───── ENTRIES PROVIDED ─────

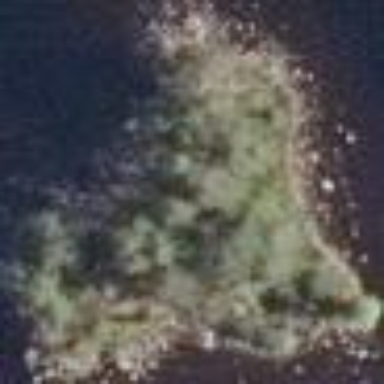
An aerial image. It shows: Islet covered with woodland.
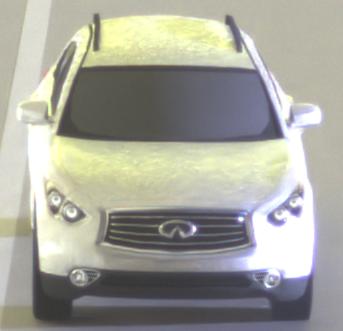
Make: Infiniti
Model: FX 37
Detailed model: FX (S51)
Model produced from: 2012/07
Model produced until: 2013/10
Doors: 5
Color: white
Road condition: dry road
Daytime: night
Contrast: high contrast
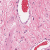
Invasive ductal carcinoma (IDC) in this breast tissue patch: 0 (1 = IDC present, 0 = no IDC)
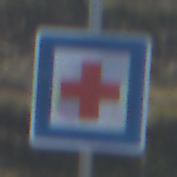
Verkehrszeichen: ErsteHilfe
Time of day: MorningAfternoon
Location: Outdoor (Nature)
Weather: PartlyCloudy
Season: NotSpecified
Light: Natural
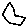
Label: hexagon
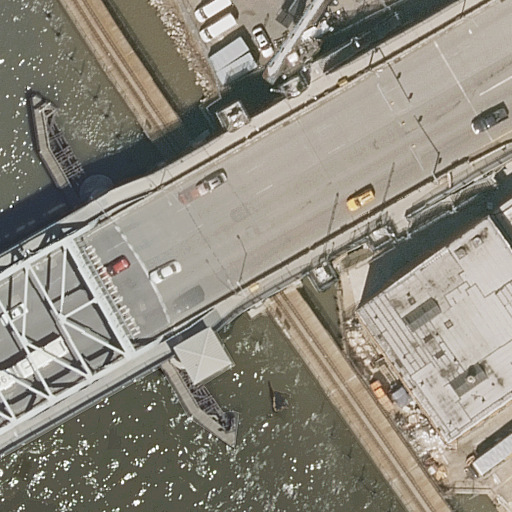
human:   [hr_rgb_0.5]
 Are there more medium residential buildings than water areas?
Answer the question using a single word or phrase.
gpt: no

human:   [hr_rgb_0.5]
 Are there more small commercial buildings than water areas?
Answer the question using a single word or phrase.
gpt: no

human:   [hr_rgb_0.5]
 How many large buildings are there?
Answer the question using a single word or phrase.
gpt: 1

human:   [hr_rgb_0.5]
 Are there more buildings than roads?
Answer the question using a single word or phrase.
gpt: no

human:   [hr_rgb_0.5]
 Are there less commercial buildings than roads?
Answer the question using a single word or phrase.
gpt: yes

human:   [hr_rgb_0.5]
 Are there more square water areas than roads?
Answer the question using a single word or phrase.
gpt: no

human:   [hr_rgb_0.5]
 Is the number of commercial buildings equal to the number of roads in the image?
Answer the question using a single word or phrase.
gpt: no

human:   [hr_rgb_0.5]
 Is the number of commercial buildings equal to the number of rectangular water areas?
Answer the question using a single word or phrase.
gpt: yes

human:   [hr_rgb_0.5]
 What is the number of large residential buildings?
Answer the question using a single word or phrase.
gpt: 1

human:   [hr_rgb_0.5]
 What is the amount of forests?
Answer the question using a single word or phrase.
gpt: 0

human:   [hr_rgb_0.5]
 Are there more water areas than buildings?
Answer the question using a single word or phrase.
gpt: no

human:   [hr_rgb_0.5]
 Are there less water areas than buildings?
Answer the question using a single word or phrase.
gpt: no

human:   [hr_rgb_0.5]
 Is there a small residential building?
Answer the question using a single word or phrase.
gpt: no

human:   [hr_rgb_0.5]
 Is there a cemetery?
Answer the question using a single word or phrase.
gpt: no

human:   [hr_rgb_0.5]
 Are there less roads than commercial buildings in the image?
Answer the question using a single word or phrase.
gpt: no

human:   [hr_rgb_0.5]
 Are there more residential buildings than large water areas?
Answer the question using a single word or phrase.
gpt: no

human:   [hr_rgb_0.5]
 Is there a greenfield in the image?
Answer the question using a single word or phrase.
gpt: no

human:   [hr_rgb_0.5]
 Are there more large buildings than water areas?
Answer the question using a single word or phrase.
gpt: no

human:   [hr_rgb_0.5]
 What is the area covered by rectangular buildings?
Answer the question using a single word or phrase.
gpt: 0m2

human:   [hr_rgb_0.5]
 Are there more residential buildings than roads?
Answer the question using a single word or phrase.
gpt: no

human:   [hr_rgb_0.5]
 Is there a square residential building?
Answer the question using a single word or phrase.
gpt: no

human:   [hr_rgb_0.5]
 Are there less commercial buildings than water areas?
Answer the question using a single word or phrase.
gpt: yes

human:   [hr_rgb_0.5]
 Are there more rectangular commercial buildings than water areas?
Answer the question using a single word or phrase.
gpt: no

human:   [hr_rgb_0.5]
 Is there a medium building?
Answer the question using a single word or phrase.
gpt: no

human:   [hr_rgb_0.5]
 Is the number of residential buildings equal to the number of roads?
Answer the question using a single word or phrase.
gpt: no

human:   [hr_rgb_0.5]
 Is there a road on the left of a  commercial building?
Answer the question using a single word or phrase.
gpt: no

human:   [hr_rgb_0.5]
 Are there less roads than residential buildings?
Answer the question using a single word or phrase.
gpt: no

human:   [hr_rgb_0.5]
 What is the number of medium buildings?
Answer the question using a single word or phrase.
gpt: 0

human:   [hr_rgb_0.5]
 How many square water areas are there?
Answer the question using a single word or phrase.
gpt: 0

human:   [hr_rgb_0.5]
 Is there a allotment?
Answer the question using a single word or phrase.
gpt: no

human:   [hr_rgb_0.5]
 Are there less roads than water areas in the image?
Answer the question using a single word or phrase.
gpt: no

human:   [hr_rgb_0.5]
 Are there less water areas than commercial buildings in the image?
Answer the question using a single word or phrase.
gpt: no

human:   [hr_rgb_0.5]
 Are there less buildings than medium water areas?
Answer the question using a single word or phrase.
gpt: no

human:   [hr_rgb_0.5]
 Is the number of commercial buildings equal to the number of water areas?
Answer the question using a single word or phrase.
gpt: no

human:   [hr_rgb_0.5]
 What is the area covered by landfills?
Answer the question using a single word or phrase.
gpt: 0m2

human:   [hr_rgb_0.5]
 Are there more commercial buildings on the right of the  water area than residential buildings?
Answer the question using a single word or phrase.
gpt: no
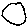
Label: circle
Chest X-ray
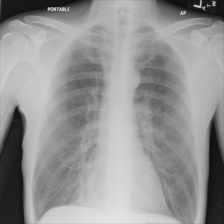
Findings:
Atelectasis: negative
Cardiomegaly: negative
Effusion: negative
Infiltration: negative
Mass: negative
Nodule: negative
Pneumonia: negative
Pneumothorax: negative
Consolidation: negative
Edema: negative
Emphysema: negative
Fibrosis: negative
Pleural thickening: negative
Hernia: negative
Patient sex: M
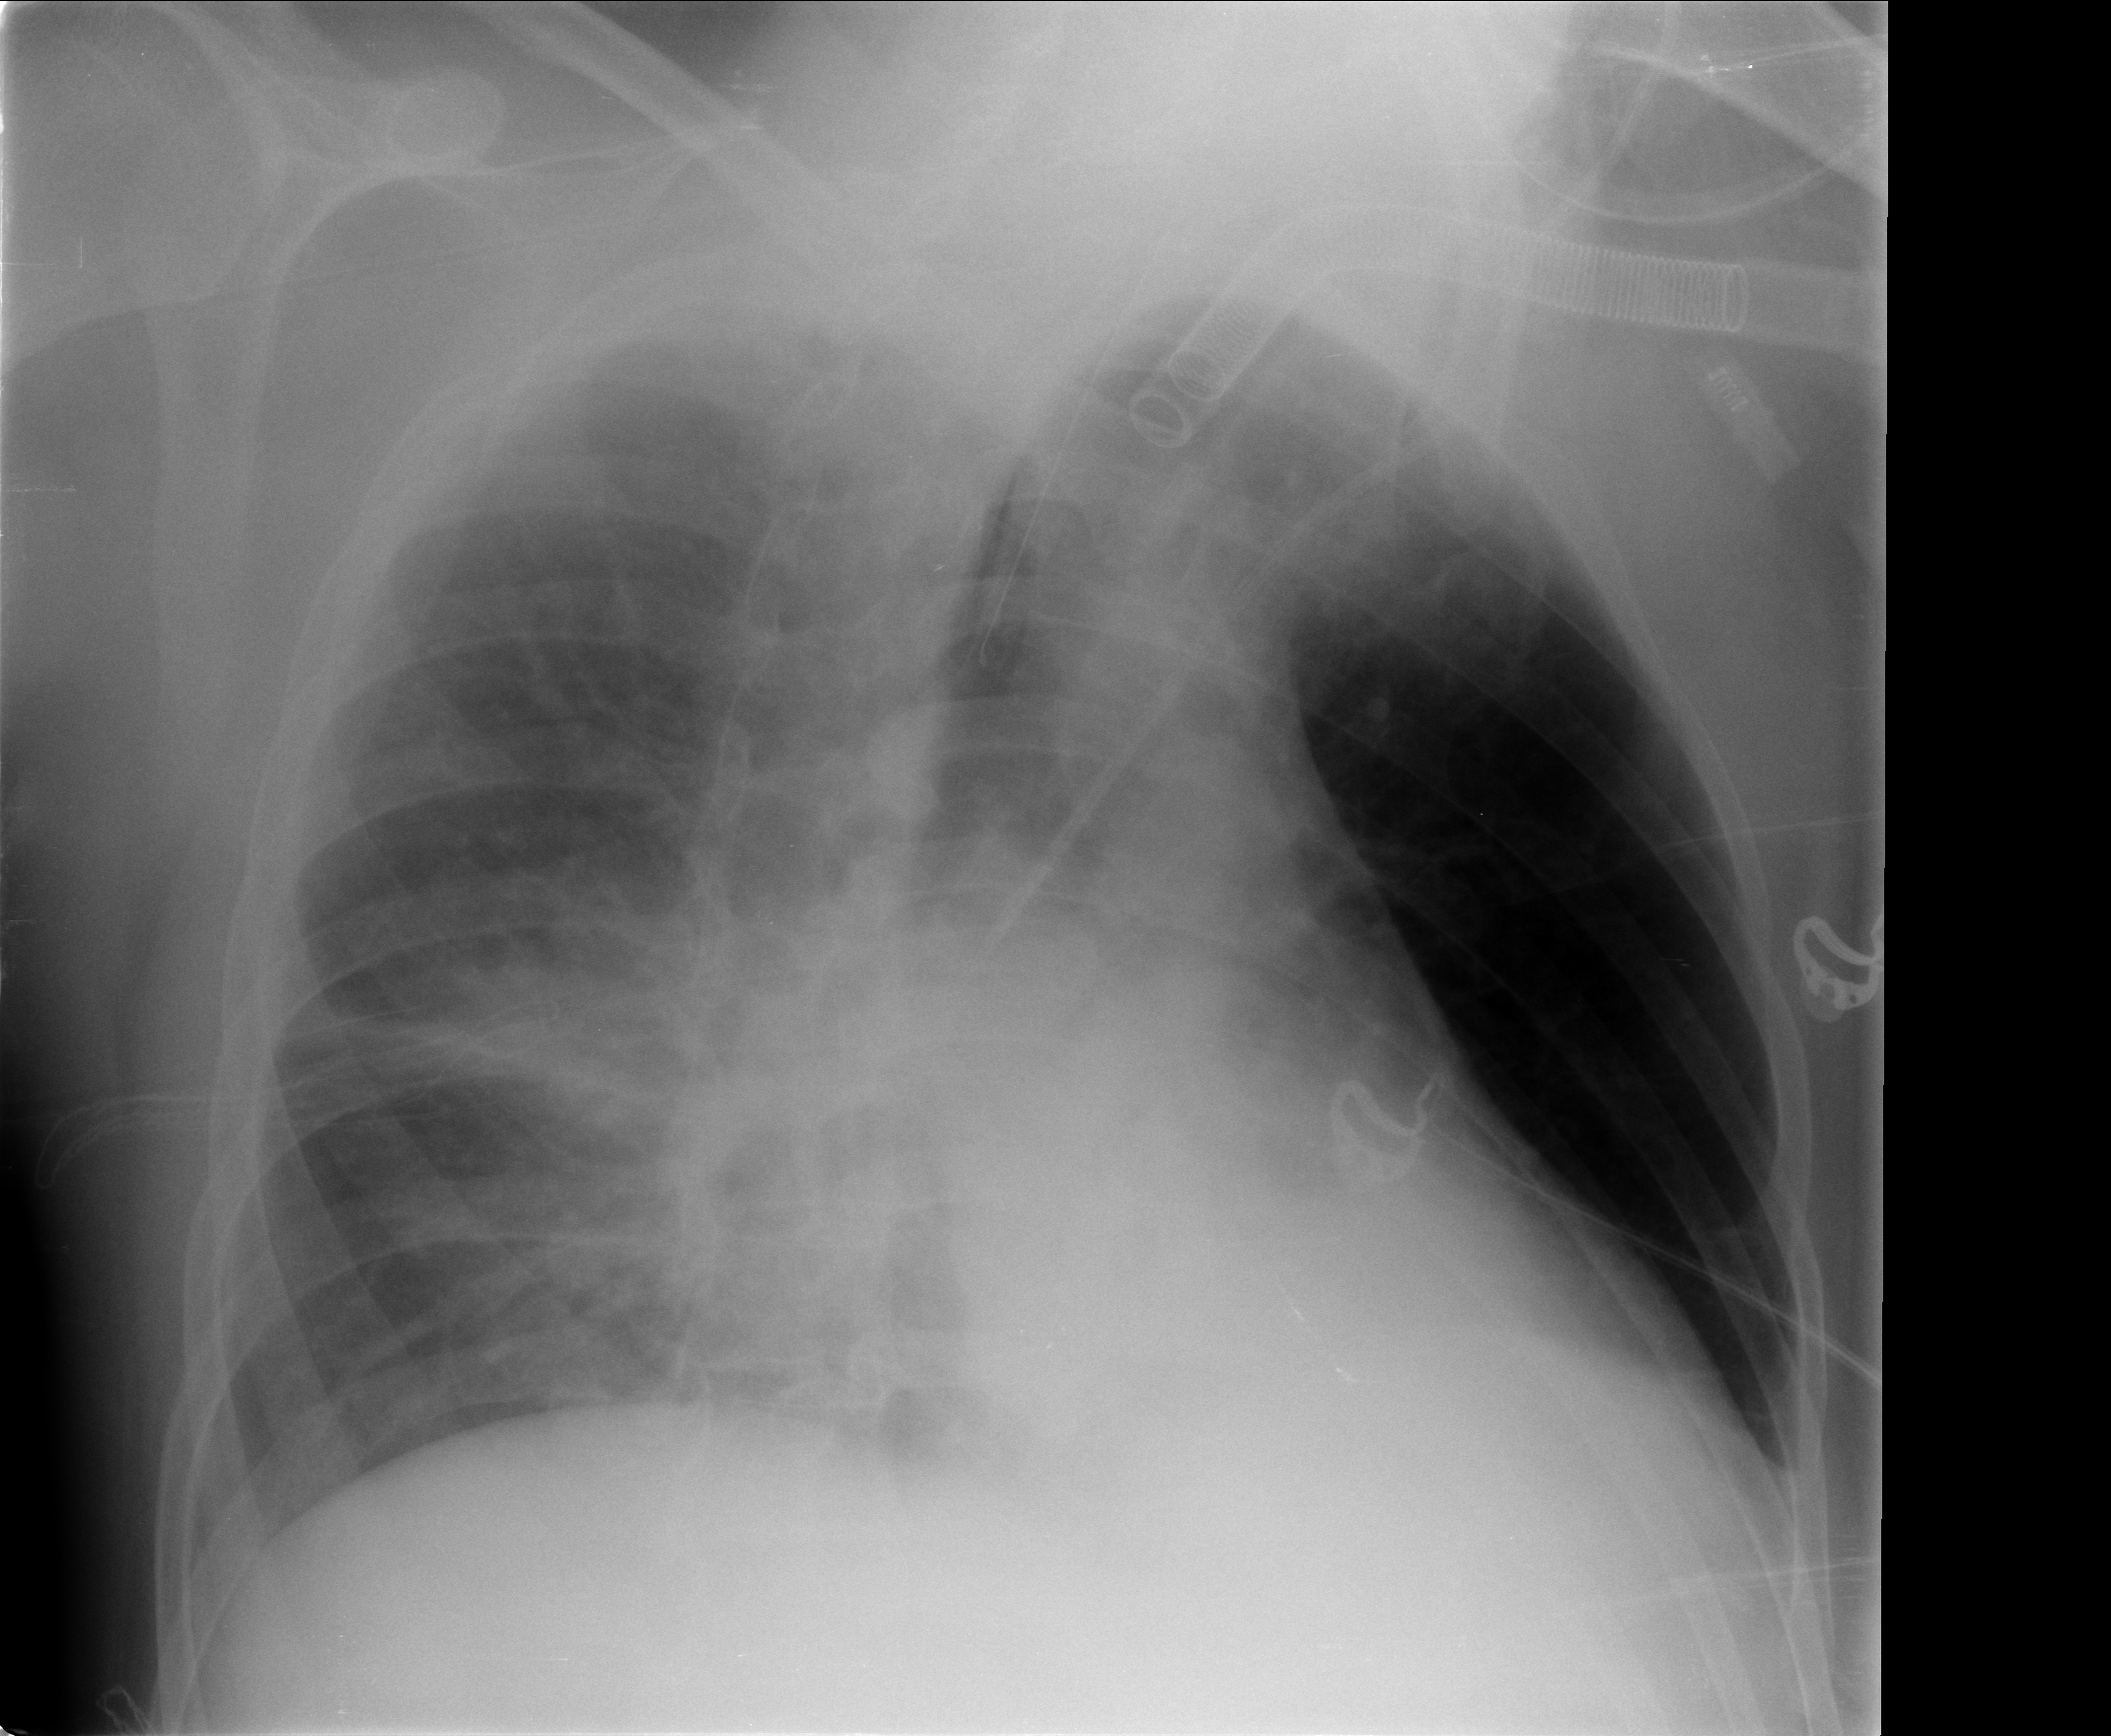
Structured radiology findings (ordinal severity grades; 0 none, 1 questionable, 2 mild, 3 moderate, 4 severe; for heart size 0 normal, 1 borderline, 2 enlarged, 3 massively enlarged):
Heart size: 0
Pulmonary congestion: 0
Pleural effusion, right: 0
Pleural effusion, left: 0
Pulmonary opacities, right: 0
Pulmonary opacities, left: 0
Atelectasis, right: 2
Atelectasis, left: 2
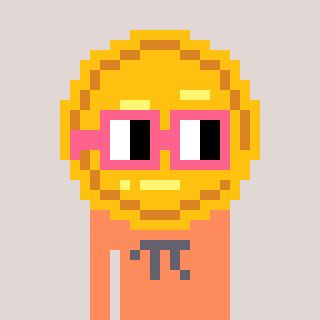
a pixel art character with square pink glasses, a medal-shaped head and a peachy-colored body on a warm background
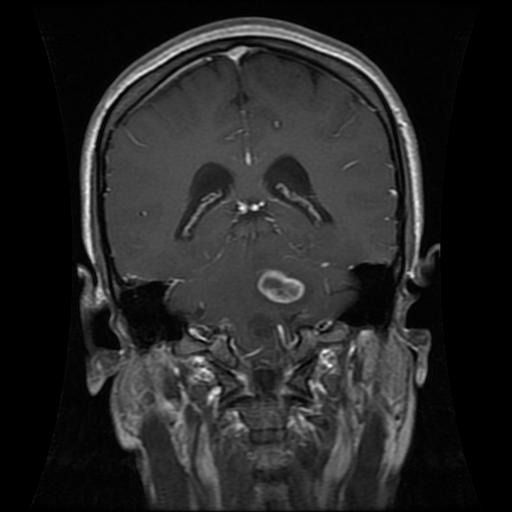
Label: glioma
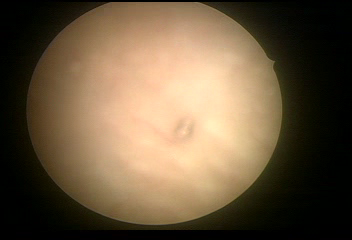
Modality: WLC
Class: Normal mucosa
Bladder cancer association: No
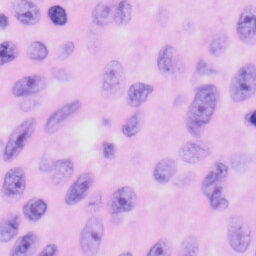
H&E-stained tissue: Skin
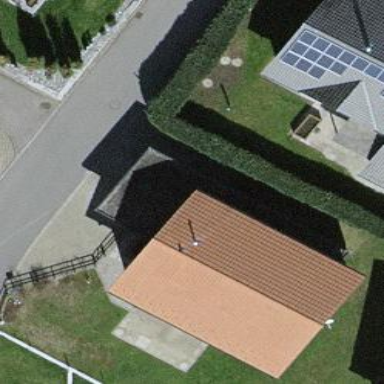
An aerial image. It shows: Garage building.
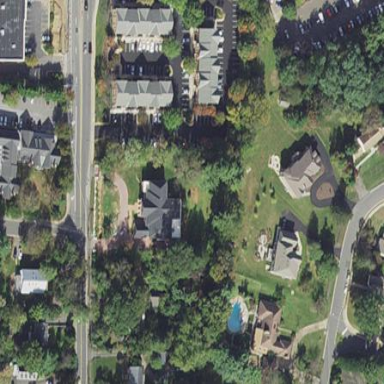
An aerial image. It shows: This residential area consists of single-family homes.
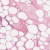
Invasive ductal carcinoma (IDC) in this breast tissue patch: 0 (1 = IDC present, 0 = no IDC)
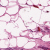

─────

● **YOUR GOAL**
Word for word, restate all of the records. Exclude the pictures.

● **THE ANSWER**
An aerial image. It shows: Islet covered with woodland.
Make: Infiniti
Model: FX 37
Detailed model: FX (S51)
Model produced from: 2012/07
Model produced until: 2013/10
Doors: 5
Color: white
Road condition: dry road
Daytime: night
Contrast: high contrast
Invasive ductal carcinoma (IDC) in this breast tissue patch: 0 (1 = IDC present, 0 = no IDC)
Verkehrszeichen: ErsteHilfe
Time of day: MorningAfternoon
Location: Outdoor (Nature)
Weather: PartlyCloudy
Season: NotSpecified
Light: Natural
Label: hexagon
human:   [hr_rgb_0.5]
 Are there more medium residential buildings than water areas?
Answer the question using a single word or phrase.
gpt: no

human:   [hr_rgb_0.5]
 Are there more small commercial buildings than water areas?
Answer the question using a single word or phrase.
gpt: no

human:   [hr_rgb_0.5]
 How many large buildings are there?
Answer the question using a single word or phrase.
gpt: 1

human:   [hr_rgb_0.5]
 Are there more buildings than roads?
Answer the question using a single word or phrase.
gpt: no

human:   [hr_rgb_0.5]
 Are there less commercial buildings than roads?
Answer the question using a single word or phrase.
gpt: yes

human:   [hr_rgb_0.5]
 Are there more square water areas than roads?
Answer the question using a single word or phrase.
gpt: no

human:   [hr_rgb_0.5]
 Is the number of commercial buildings equal to the number of roads in the image?
Answer the question using a single word or phrase.
gpt: no

human:   [hr_rgb_0.5]
 Is the number of commercial buildings equal to the number of rectangular water areas?
Answer the question using a single word or phrase.
gpt: yes

human:   [hr_rgb_0.5]
 What is the number of large residential buildings?
Answer the question using a single word or phrase.
gpt: 1

human:   [hr_rgb_0.5]
 What is the amount of forests?
Answer the question using a single word or phrase.
gpt: 0

human:   [hr_rgb_0.5]
 Are there more water areas than buildings?
Answer the question using a single word or phrase.
gpt: no

human:   [hr_rgb_0.5]
 Are there less water areas than buildings?
Answer the question using a single word or phrase.
gpt: no

human:   [hr_rgb_0.5]
 Is there a small residential building?
Answer the question using a single word or phrase.
gpt: no

human:   [hr_rgb_0.5]
 Is there a cemetery?
Answer the question using a single word or phrase.
gpt: no

human:   [hr_rgb_0.5]
 Are there less roads than commercial buildings in the image?
Answer the question using a single word or phrase.
gpt: no

human:   [hr_rgb_0.5]
 Are there more residential buildings than large water areas?
Answer the question using a single word or phrase.
gpt: no

human:   [hr_rgb_0.5]
 Is there a greenfield in the image?
Answer the question using a single word or phrase.
gpt: no

human:   [hr_rgb_0.5]
 Are there more large buildings than water areas?
Answer the question using a single word or phrase.
gpt: no

human:   [hr_rgb_0.5]
 What is the area covered by rectangular buildings?
Answer the question using a single word or phrase.
gpt: 0m2

human:   [hr_rgb_0.5]
 Are there more residential buildings than roads?
Answer the question using a single word or phrase.
gpt: no

human:   [hr_rgb_0.5]
 Is there a square residential building?
Answer the question using a single word or phrase.
gpt: no

human:   [hr_rgb_0.5]
 Are there less commercial buildings than water areas?
Answer the question using a single word or phrase.
gpt: yes

human:   [hr_rgb_0.5]
 Are there more rectangular commercial buildings than water areas?
Answer the question using a single word or phrase.
gpt: no

human:   [hr_rgb_0.5]
 Is there a medium building?
Answer the question using a single word or phrase.
gpt: no

human:   [hr_rgb_0.5]
 Is the number of residential buildings equal to the number of roads?
Answer the question using a single word or phrase.
gpt: no

human:   [hr_rgb_0.5]
 Is there a road on the left of a  commercial building?
Answer the question using a single word or phrase.
gpt: no

human:   [hr_rgb_0.5]
 Are there less roads than residential buildings?
Answer the question using a single word or phrase.
gpt: no

human:   [hr_rgb_0.5]
 What is the number of medium buildings?
Answer the question using a single word or phrase.
gpt: 0

human:   [hr_rgb_0.5]
 How many square water areas are there?
Answer the question using a single word or phrase.
gpt: 0

human:   [hr_rgb_0.5]
 Is there a allotment?
Answer the question using a single word or phrase.
gpt: no

human:   [hr_rgb_0.5]
 Are there less roads than water areas in the image?
Answer the question using a single word or phrase.
gpt: no

human:   [hr_rgb_0.5]
 Are there less water areas than commercial buildings in the image?
Answer the question using a single word or phrase.
gpt: no

human:   [hr_rgb_0.5]
 Are there less buildings than medium water areas?
Answer the question using a single word or phrase.
gpt: no

human:   [hr_rgb_0.5]
 Is the number of commercial buildings equal to the number of water areas?
Answer the question using a single word or phrase.
gpt: no

human:   [hr_rgb_0.5]
 What is the area covered by landfills?
Answer the question using a single word or phrase.
gpt: 0m2

human:   [hr_rgb_0.5]
 Are there more commercial buildings on the right of the  water area than residential buildings?
Answer the question using a single word or phrase.
gpt: no
Label: circle
Chest X-ray
Findings:
Atelectasis: negative
Cardiomegaly: negative
Effusion: negative
Infiltration: negative
Mass: negative
Nodule: negative
Pneumonia: negative
Pneumothorax: negative
Consolidation: negative
Edema: negative
Emphysema: negative
Fibrosis: negative
Pleural thickening: negative
Hernia: negative
Patient sex: M
Structured radiology findings (ordinal severity grades; 0 none, 1 questionable, 2 mild, 3 moderate, 4 severe; for heart size 0 normal, 1 borderline, 2 enlarged, 3 massively enlarged):
Heart size: 0
Pulmonary congestion: 0
Pleural effusion, right: 0
Pleural effusion, left: 0
Pulmonary opacities, right: 0
Pulmonary opacities, left: 0
Atelectasis, right: 2
Atelectasis, left: 2
a pixel art character with square pink glasses, a medal-shaped head and a peachy-colored body on a warm background
Label: glioma
Modality: WLC
Class: Normal mucosa
Bladder cancer association: No
H&E-stained tissue: Skin
An aerial image. It shows: Garage building.
An aerial image. It shows: This residential area consists of single-family homes.
Invasive ductal carcinoma (IDC) in this breast tissue patch: 0 (1 = IDC present, 0 = no IDC)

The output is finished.